The latest Barometer survey, announced Tuesday at a press conference by the International Investors Association, or YASED, showed that the top concern for foreign investors has become “legal framework and its enforcement.” Economic instability followed with 48 percent, while 47 percent said they are concerned about the unregistered economy.
In the previous survey, conducted biannually, “economic instability” was the top concern, followed by concerns on legal framework.
Reflecting on this new top concern of investors, Piraye Antika, the chairwoman of YASED, said it is important to guarantee predictability in auditing in business. “Investors should have no doubt on rules and responsibilities,” Antika said.
“Stories on the tax penalty were reported extensively by the media,” Güldem Atabay, chief economist at investment house Ekspres Invest, told Hürriyet Daily News & Economic Review. “European newspapers also took notice. Regarding the dates on which the survey was conducted, this levy might well affect the opinions of foreign investors. Some of the investors might hesitate to make investments.”

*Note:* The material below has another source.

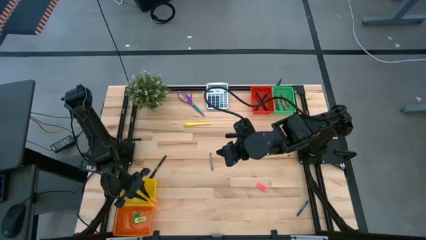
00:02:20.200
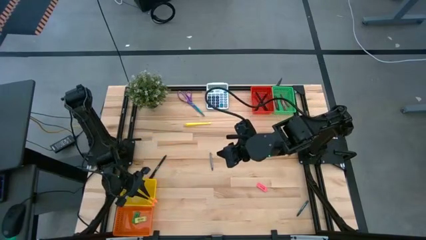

The survey was conducted between the third week of August and the second week of September. The second tax levy against the DMG was announced on Sept. 8. YASED did not link the results to the Doğan tax issue at the press conference Tuesday. The unregistered economy remains a great obstacle, Antika said. “Turkey is in a key position to be an attractive destination for investments. We should protect this attractiveness.”
Effects of global turmoil
The survey also showed that effects of the global turmoil continue to rattle foreign investors, as 61 percent of them expect the economy to get better only after 2010. The study, however, revealed that 40 percent of foreign investors planned to continue investments in the next six months.
According to the survey, 33 percent of foreign investors expected economic growth in Turkey to slow down further. A total of 44 percent of those interviewed said they believed stability would come soon, while 23 percent said they expected economic growth to accelerate.
The Turkish economy contracted 7 percent in the second quarter of the year, dampening hopes of a revival. Expectations of a quick recovery are low, the survey said. Forty percent of foreign investors expected the environment in Turkey to “worsen” in terms of the investment climate, while 63 percent thought that the new incentives announced by the government would not affect their future investment plans. The new incentive system, dividing the country into four economic zones, aims to enhance investments in the most poor and underdeveloped areas.
Reasons to freeze investments
Key factors leading foreign investors to postpone investments are, respectively, the deepening crisis, new fluctuations in global markets, domestic political problems, possible bottlenecks during Turkey’s European Union accession process, and the rising political tension in the Middle East.
According to the survey, some 74 percent of the international investors in Turkey said the Justice and Development Party, or AKP, government was “not doing enough” against unemployment, while 26 percent said what was being done was adequate. The unemployment rate stood at 13 percent in June, according to official figures. The rate declined from a record high of 16.1 percent in February.
The priority of the government should be reducing unemployment, followed by structural reforms, an agreement with the International Monetary Fund and attaining sustainable growth, according to some 60 percent of foreign investors.
Meanwhile, 61 percent expected global economic growth to remain weak in the next six months. Twenty-one percent thought that growth would accelerate, but 18 percent expected further contraction. Some 29 percent thought that the global environment for foreign direct investments would worsen, while 34 percent of them said they believed the situation would remain stable. Only 37 percent said the environment would be more favorable than it is now.